INSTRUCTIONS FOR THE TASK: Send back the records exactly as written, with no images.

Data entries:

-------------------------

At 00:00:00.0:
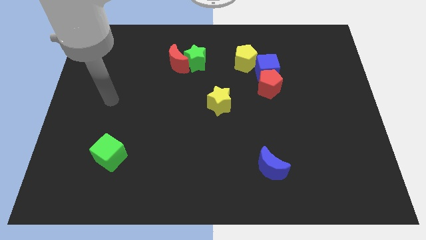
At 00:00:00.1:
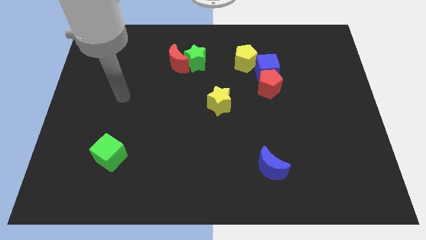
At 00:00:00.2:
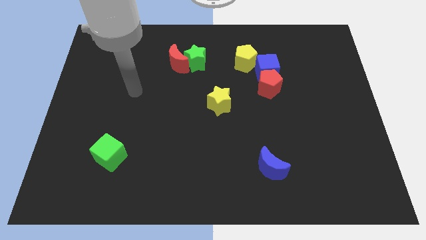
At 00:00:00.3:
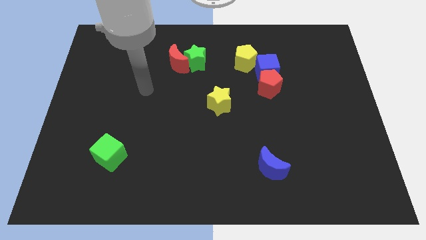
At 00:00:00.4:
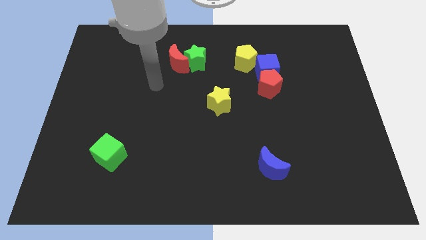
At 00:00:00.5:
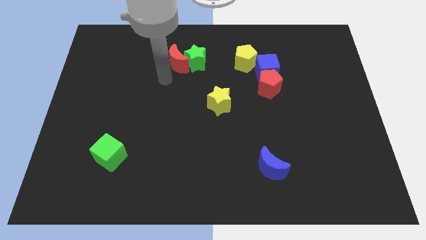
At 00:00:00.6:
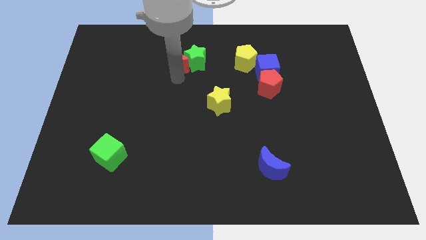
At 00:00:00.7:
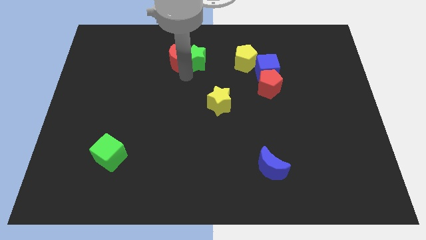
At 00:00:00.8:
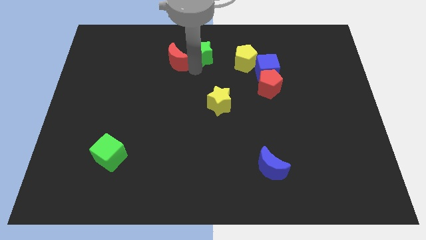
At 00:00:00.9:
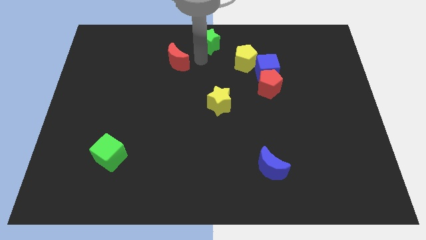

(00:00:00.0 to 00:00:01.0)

-------------------------

SOLUTION BELOW:
At 00:00:00.0:
At 00:00:00.1:
At 00:00:00.2:
At 00:00:00.3:
At 00:00:00.4:
At 00:00:00.5:
At 00:00:00.6:
At 00:00:00.7:
At 00:00:00.8:
At 00:00:00.9:

(00:00:00.0 to 00:00:01.0)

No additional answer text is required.